To me its a myth dry food is better, it can be harder for tums to digest.

I'd also be warey about Natures Menu. It gave my Westie the runs, something cronic.

He's now on Wainwrights Wet, with a small handfull of Royal Canin for added crunch.

Something to also bear in mind is that a tin of sardines once a week can work wonders for their skin!


----------



## SlingDash (Jul 30, 2010)

> Something to also bear in mind is that a tin of sardines once a week can work wonders for their skin!

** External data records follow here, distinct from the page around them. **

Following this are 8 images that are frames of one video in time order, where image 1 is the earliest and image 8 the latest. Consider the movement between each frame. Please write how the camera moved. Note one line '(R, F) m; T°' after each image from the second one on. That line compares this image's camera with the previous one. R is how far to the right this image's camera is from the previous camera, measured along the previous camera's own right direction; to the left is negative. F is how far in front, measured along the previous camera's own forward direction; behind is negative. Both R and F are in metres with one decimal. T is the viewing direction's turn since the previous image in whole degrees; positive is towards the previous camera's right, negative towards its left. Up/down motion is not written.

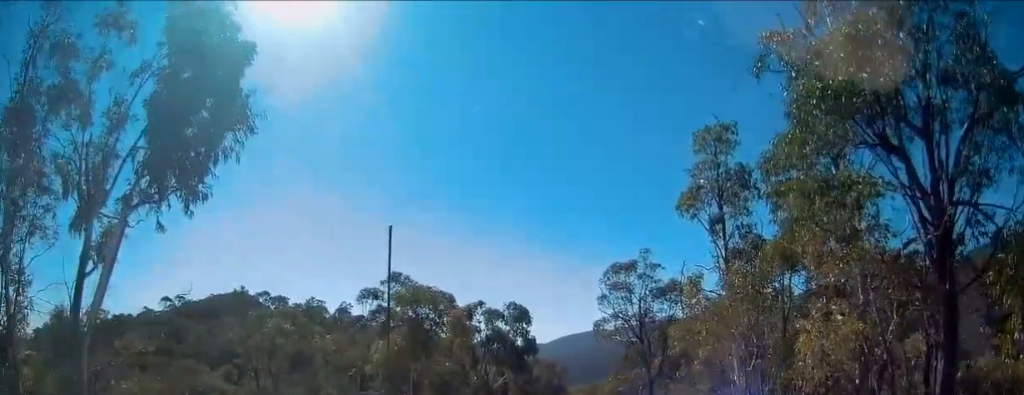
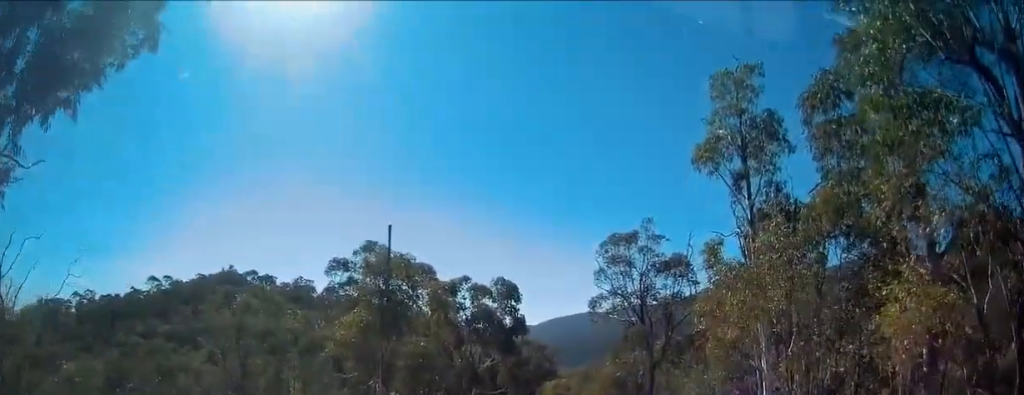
(-0.1, +2.9) m; -3°
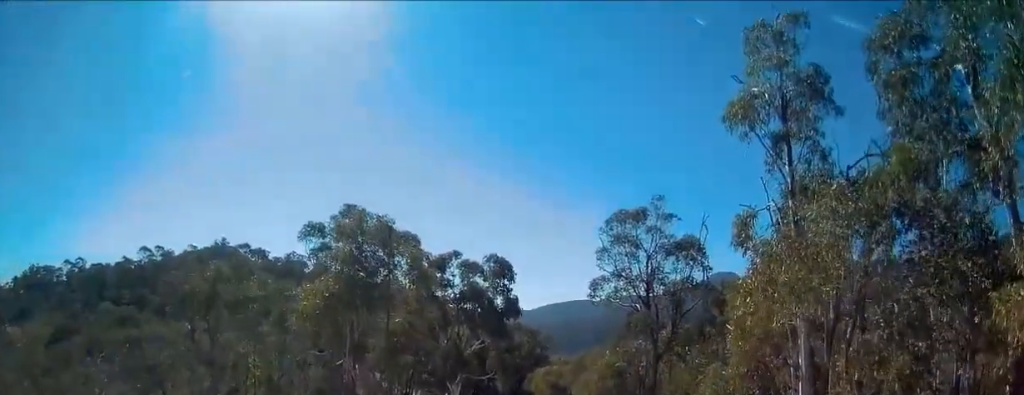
(0.0, +2.3) m; +2°
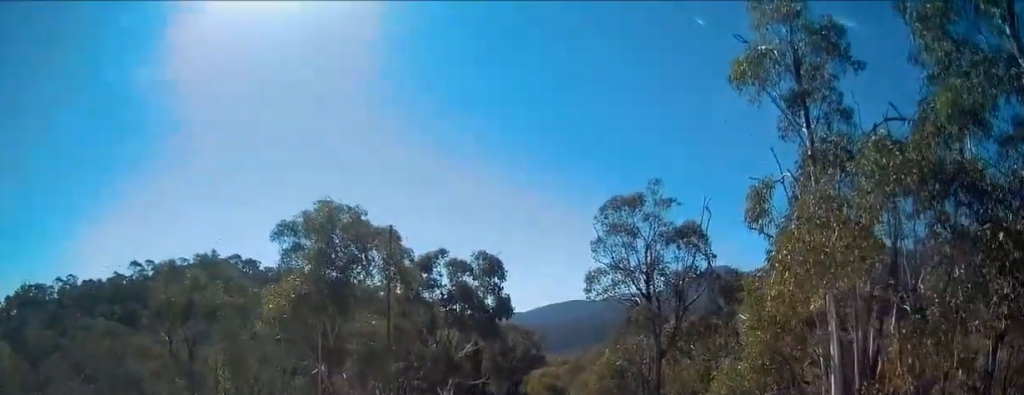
(-0.1, +1.5) m; +2°
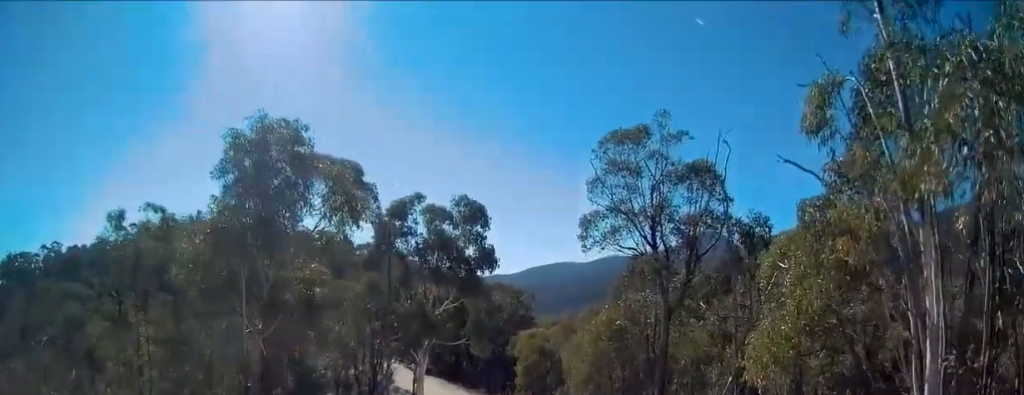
(+0.2, +2.9) m; +5°
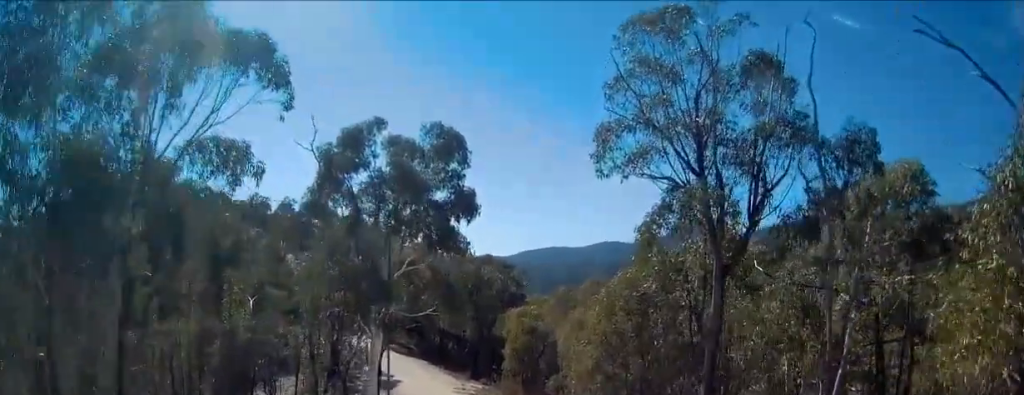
(+0.3, +5.6) m; 0°
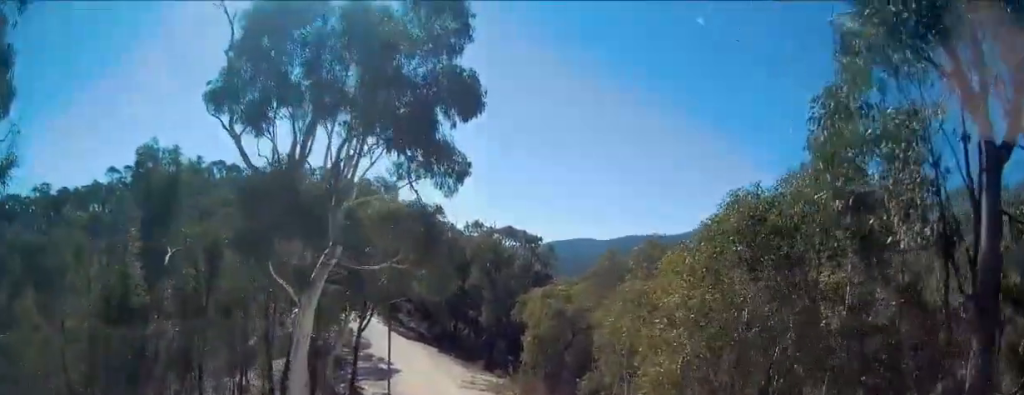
(-0.4, +7.3) m; -5°
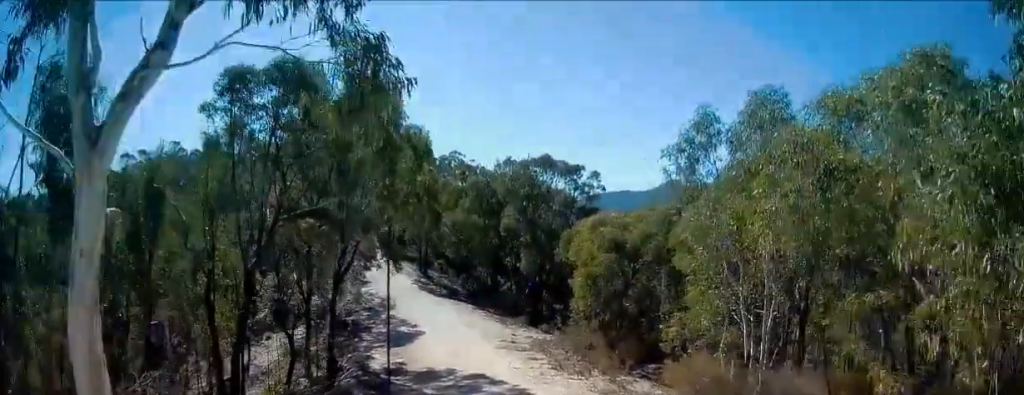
(-0.1, +6.7) m; -3°

Absolutely - ours LOVE them!

They're only 34p/tin in our local TESCO (in oil - not tomato sauce), so ours get lots! :thumbup:


----------



## silverbeetle (Jul 17, 2009)

Our westie freddie is on Wainwrights wet - lamb flavour which he absolutely adores - woofs back his bowl in no time. 
He will not eat dried food at all so is on completely wet food. He is a good weight and has lovely coat. 
We also give him an evening primrose oil capsule every other day in his food for his skin.


----------



## CazStewart (Dec 3, 2010)

We were recommended to change our usual brand of dry dog food to "Symply" as it contains no cereal and is 100% natural. Our Westie has been suffering from skin problems throughout the last year (he's 11) and has been on steroids and other tablets, which help the symptoms, but cannot cure.

We were told that the high level of cereal in our supermarket brand of dog food was probably making his skin worse and to switch to a more natural brand.

Natural dog food from Symply - only healthy, natural ingredients.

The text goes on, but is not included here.